[Rio de Janeiro.
Thomaz Farkas,
1947]
Especial
À moda da ditadura: “Vestir a camisa da seleção e homenagear militares”
Cientista político analisa cultura do mandonismo no futebol brasileiro e questiona protestos com escudo da CBF
Por: Breiller Pires, da PLACAR16/04/2015 às 17:14 - Atualizado em 16/04/2015 às 18:16
Cartolas e seus mandatos intermináveis à frente de clubes e federações. Desmandos e monopólio de poder da Confederação Brasileira de Futebol. Censura e repressão nos estádios. Para Adriano Codato, doutor em ciência política, professor da Universidade Federal do Paraná e coordenador do Observatório de Elites Políticas e Sociais do Brasil, as medidas autoritárias do futebol remetem ao período da ditadura. No momento em que alguns brasileiros clamam por intervenção militar no governo, ele critica as tentativas de açoite à democracia por parte do movimento que ostenta a camisa da seleção como símbolo de suas reivindicações.
O fato de ter sido um dos braços de sustentação da ditadura militar no Brasil contribui para que o futebol continue nutrindo resquícios daquele período?
Não é possível estabelecer uma relação de causa e efeito entre esses dois fenômenos. Os traços autoritários e, mais do que isso, arbitrários e despóticos presentes no futebol, seja na prática de juízes, seja na de dirigentes e técnicos, têm mais a ver com a cultura autoritária do país. Essa cultura a ditadura não inventou, mas aprofundou-a e a expandiu para além da política. No futebol nacional, há cultura do mandonismo: segundo o raciocínio das torcidas e de parte da crônica esportiva, o capitão deve mandar no time, o técnico no capitão (e, por extensão, em todo o time), o diretor de futebol no técnico e o presidente no diretor. Não é propriamente uma cadeia racional de comando, mas uma estrutura hierárquica, parodiando a estrutura militar (daí as metáforas “capitão”, “comandante”, etc.), que só se justifica em função dos caprichos daquele que pode mais nessa relação perversa. Com isso, quem se engana é a torcida, porque lhe contaram que ela é o patrão máximo do clube.

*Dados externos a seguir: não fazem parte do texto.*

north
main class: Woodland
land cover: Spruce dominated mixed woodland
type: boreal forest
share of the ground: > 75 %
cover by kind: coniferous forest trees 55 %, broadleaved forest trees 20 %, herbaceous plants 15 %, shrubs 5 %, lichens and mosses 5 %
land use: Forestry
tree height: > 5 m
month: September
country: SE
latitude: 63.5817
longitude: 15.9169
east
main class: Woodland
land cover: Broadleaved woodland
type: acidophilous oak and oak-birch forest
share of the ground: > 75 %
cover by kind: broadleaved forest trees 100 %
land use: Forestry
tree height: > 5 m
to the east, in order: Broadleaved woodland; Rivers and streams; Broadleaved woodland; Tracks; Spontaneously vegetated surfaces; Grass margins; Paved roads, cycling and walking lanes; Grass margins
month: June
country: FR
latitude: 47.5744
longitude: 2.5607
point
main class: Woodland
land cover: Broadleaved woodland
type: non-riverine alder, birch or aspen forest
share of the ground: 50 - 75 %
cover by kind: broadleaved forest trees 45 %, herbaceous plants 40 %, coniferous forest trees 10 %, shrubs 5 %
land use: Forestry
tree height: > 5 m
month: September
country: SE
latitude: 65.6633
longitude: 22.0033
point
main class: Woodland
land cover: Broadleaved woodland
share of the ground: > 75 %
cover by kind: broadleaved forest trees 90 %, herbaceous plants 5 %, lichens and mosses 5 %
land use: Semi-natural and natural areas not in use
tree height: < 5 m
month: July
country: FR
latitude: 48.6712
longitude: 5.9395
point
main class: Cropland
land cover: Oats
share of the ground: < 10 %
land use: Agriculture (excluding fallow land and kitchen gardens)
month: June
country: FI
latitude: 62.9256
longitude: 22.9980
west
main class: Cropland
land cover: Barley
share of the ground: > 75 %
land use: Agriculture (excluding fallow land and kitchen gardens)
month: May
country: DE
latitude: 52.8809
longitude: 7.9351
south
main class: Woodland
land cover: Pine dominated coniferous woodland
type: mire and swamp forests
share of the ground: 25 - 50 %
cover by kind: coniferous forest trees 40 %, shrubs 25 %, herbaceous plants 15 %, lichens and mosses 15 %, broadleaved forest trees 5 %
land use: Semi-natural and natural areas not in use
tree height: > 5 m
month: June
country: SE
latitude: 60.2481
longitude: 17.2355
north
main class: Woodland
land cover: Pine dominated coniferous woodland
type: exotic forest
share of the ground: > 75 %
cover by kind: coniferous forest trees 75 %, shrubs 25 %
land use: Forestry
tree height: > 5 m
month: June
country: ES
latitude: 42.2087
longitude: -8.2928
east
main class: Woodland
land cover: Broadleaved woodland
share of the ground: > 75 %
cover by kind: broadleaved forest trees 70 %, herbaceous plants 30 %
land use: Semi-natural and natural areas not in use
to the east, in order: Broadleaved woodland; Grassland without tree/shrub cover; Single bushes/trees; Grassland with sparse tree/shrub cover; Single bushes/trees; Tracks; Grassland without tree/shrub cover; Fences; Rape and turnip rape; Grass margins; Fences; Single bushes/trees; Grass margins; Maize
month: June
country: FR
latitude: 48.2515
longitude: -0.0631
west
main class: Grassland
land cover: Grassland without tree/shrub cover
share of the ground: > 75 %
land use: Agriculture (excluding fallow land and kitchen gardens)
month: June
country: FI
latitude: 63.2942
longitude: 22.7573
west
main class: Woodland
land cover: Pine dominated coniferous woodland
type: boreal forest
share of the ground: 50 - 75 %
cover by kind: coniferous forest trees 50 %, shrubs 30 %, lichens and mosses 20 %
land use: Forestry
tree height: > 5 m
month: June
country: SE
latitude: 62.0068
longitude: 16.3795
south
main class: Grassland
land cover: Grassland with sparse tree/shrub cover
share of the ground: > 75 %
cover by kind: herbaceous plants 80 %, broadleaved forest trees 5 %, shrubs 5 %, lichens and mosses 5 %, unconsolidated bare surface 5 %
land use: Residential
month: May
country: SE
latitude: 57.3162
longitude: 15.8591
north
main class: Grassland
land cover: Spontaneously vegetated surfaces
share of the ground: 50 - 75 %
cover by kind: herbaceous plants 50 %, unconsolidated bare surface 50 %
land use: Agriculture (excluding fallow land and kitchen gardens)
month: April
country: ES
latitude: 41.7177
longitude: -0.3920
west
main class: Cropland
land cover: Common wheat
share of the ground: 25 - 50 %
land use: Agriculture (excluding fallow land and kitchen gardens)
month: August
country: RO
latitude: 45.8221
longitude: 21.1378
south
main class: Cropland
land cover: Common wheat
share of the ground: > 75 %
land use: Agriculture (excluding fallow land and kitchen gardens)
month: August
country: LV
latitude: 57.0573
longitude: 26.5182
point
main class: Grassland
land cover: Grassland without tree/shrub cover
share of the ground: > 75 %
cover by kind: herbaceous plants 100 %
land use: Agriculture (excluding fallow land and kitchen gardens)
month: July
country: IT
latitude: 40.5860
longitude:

Um terço dos presidentes de federações está no poder há mais de 20 anos. A falta de alternância nas posições de comando do futebol interfere diretamente em medidas autoritárias, como a recente “lei da mordaça”, no Rio de Janeiro?
Esse é um efeito da cultura autoritária e da sua representação política no futebol, o mandão local. Pode ser o chefe de uma facção de torcida organizada, o dirigente sabe-tudo, o presidente do clube ou da Federação. Os dirigentes comportam-se como se estivessem administrando um negócio que lhes pertence, como uma fazenda. Isso ajuda a explicar comportamentos como os do “coronel Eurico Miranda”, do “coronel” Mario Celso Petraglia, do “coronel” Marin.
Na época da Democracia Corintiana e das Diretas Já, os estádios se tornaram espaços notórios de questionamento do regime, tanto nas arquibancadas como no campo. Hoje, nas novas arenas, torcedores têm sido impedidos de levar faixas de protesto contra clubes e federações. Acredita que houve o futebol, como um instrumento democrático, retrocedeu?
Como canal de vocalização de demandas democráticas, sim. Mas o futebol segue sendo uma arena, até mesmo nas novas “arenas”, em que toda sorte de recalque político se manifesta. E se manifesta da maneira menos politizada possível. Três exemplos: o racismo, a homofobia e a intolerância.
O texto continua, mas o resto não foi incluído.